Answer:
The situation illustrated Rule of law applying the fundamental principles.
Explanation:
Rule of law is a system under which all characters, establishments, and substances are answerable to laws that are: Publicly proclaimed. Equally strengthened. The rule of law survives when a state's constitution uses as the paramount law of the country when the ordinances established and strengthened by the government constantly adhere to the constitution.
Answer:
Our Founding Fathers enshrined freedom, limited government, and individual responsibility in the Declaration of Independence and the Constitution. They knew that these values would guide future generations to prosperity and happiness. Today, the growth of big government endangers these principles.
Explanation:
Answer:
Colonial expansion inspired interest and generated writing during the age of the empire. Novels of exploration and exotic locales, such as Rider Haggard’s or Rudyard Kipling’s work, enjoyed great popularity. Even domestic tales were tinged by colonialism.
Explanation:
For example, Jane Austen’s Mansfield Park (1814) describes a family that owns plantations in Antigua. The madwoman in the attic in Charlotte Brontë’s Jane Eyre (1847) is a woman from Jamaica. Colonialism figured heavily in the popular Western imagination and thus found its way into literature.
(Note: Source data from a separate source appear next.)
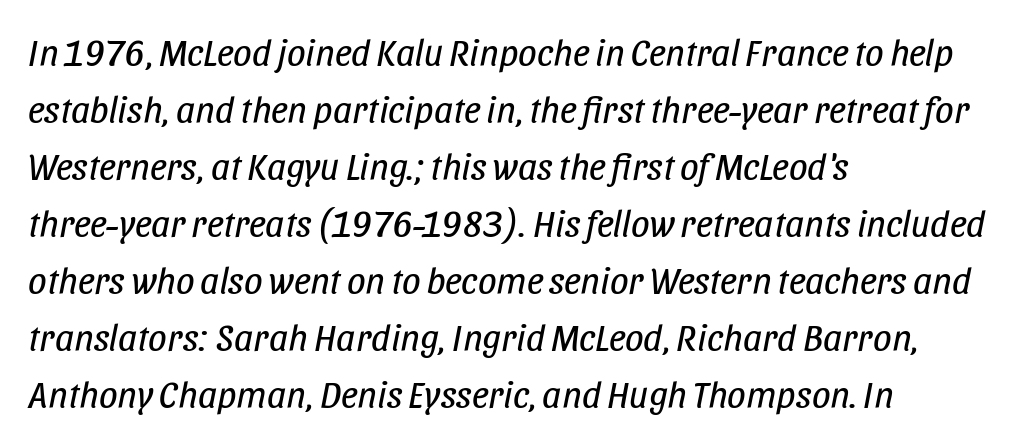
Compared with typical paragraphs, the rows here are spaced about the same. Here the designer chose a conventional face with non-uniform glyph widths. The space directly below the letters is spotless. Is the letter spacing exaggerated? No — it looks like the ordinary default. Which margin do the lines hug? The left one — the right edge is uneven.
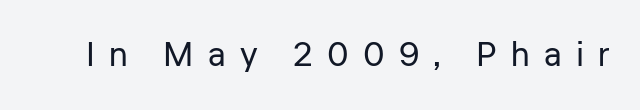
{"serif": "no", "italic": "no", "bold": "no", "weight": "regular", "width": "normal", "stroke_contrast": "low", "x_height": "medium", "monospaced": "no", "underline": "no", "letter_spacing": "wide", "letter_spacing_em": 0.42, "glyph_px": 34}
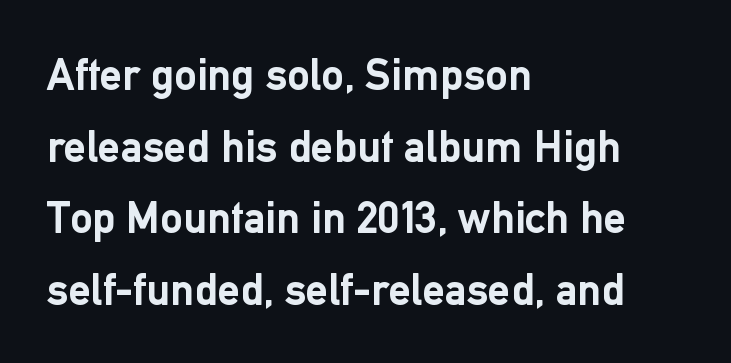
The image shows 45 px semibold sans-serif type, upright; set left-aligned, normal line spacing (1.59x), normal letter spacing, not underlined; low stroke contrast and a medium x-height.
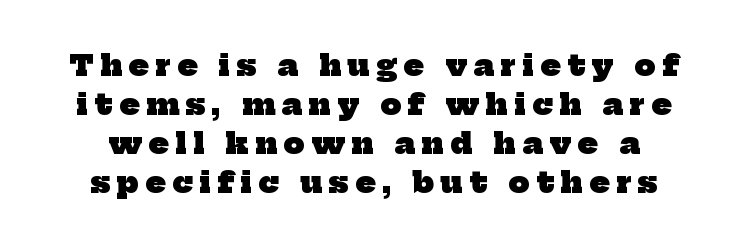
Is the letter spacing exaggerated? Yes — the characters are pushed far apart. Compared with typical paragraphs, the rows here are spaced about the same. Summary of weight: heavy, a full bold. Is this a fixed-width face? No — the glyphs have proportional, varying widths.
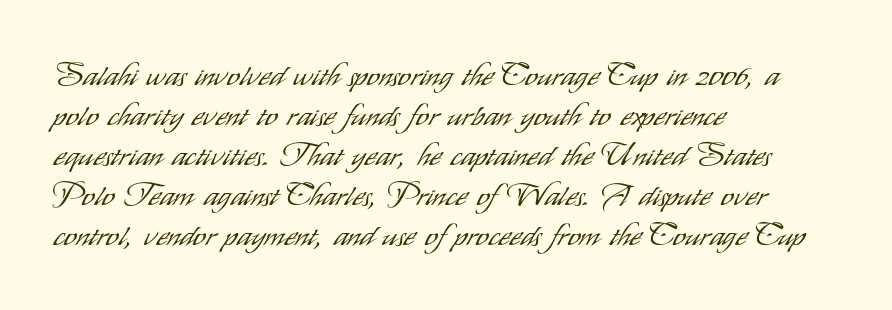
{"serif": "no", "bold": "no", "weight": "light", "width": "condensed", "stroke_contrast": "low", "x_height": "small", "monospaced": "no", "underline": "no", "align": "left", "line_spacing": "normal", "line_spacing_ratio": 1.25, "letter_spacing": "normal", "letter_spacing_em": 0.0, "glyph_px": 32}
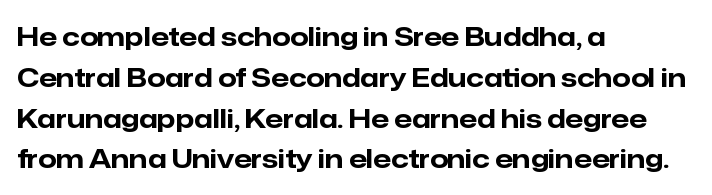
Q: Is the text bold? A: Yes.
Q: Is the text italic (slanted)? A: No, it is upright.
Q: Is the text underlined? A: No.
Q: How is the paragraph aligned? A: Left-aligned.
Q: Is the spacing between letters normal or unusually wide? A: Normal.
Q: Is the spacing between lines tight, normal or loose? A: Normal.
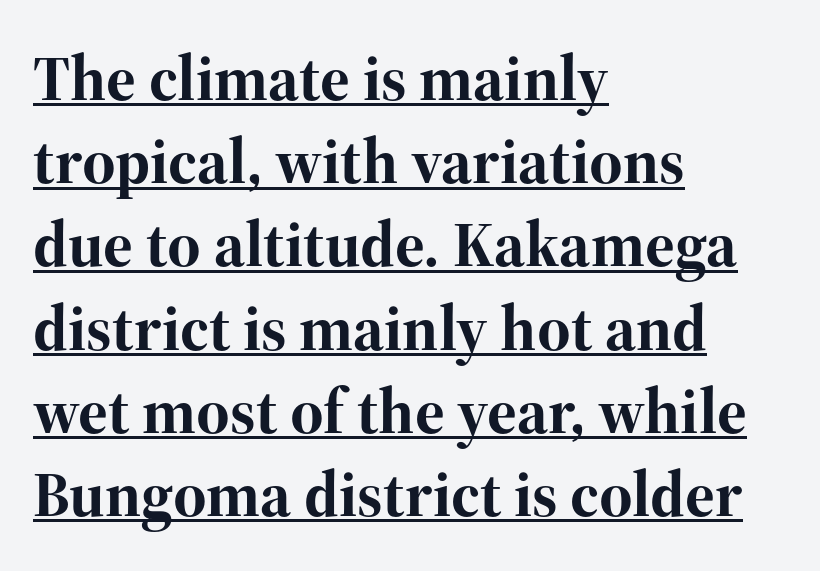
{"serif": "yes", "italic": "no", "bold": "yes", "weight": "bold", "width": "normal", "stroke_contrast": "high", "x_height": "medium", "monospaced": "no", "underline": "yes", "align": "left", "line_spacing": "normal", "line_spacing_ratio": 1.3, "letter_spacing": "normal", "letter_spacing_em": 0.0, "glyph_px": 64}
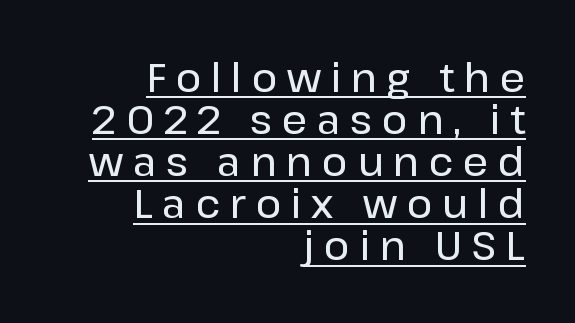
The letterforms stand isolated, each surrounded by extra space. Spacing verdict: proportional, widths tailored to each character. The axis of the letterforms is exactly vertical. Tightly led — the rows are bunched. This is underlined copy, the kind a proofreader might mark for attention.
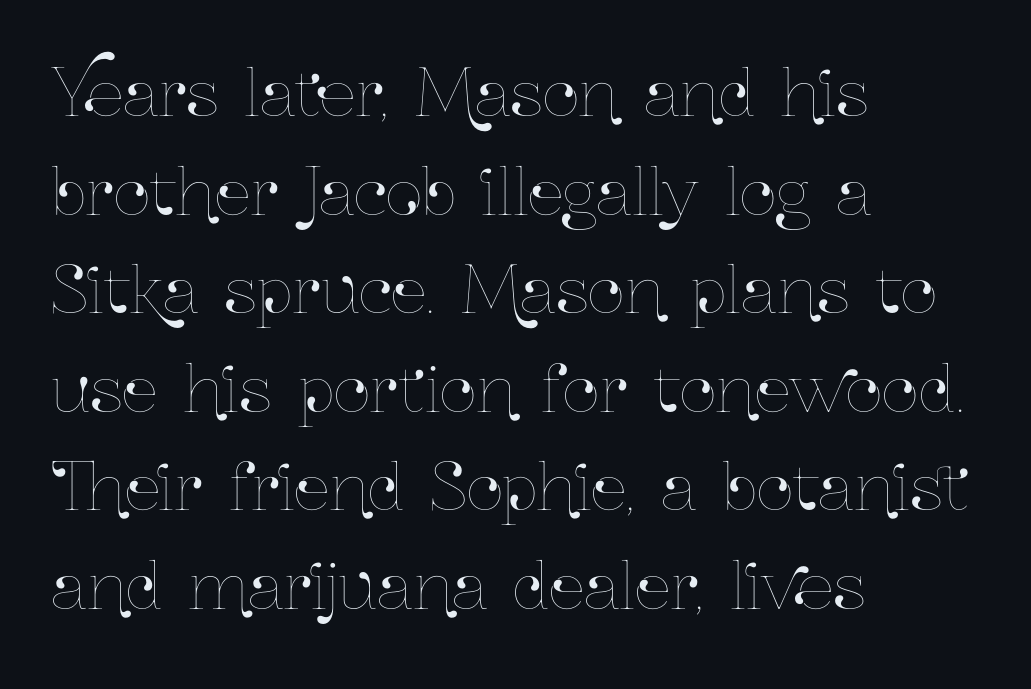
Q: Is the text italic (slanted)? A: No, it is upright.
Q: Is the text underlined? A: No.
Q: How is the paragraph aligned? A: Left-aligned.
Q: Is the spacing between letters normal or unusually wide? A: Normal.
Q: Is the spacing between lines tight, normal or loose? A: Normal.
Q: Width (condensed, normal, or wide)? A: Condensed.
Q: Stroke contrast? A: Low.
Q: x-height? A: Medium.
Q: Monospaced? A: No.
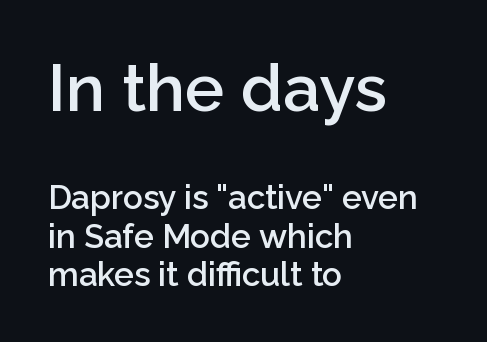
{"serif": "no", "italic": "no", "bold": "semi", "weight": "semibold", "width": "normal", "stroke_contrast": "low", "x_height": "medium", "monospaced": "no", "underline": "no", "align": "left", "line_spacing_ratio": 1.16, "letter_spacing": "normal", "letter_spacing_em": 0.0, "larger_block": "first", "size_ratio": 2.0, "glyph_px": 66}

The appropriate response is Dred Scott v. Sandford. This was a point of interest choice by the United States Supreme Court on US work law and established law. It held that "a negro, whose precursors were foreign made into [the U.S.], and sold as slaves", regardless of whether oppressed or free, couldn't be an American native and subsequently had no remaining to sue in elected court;and that the government had no energy to direct subjugation in the elected domains gained after the making of the United States.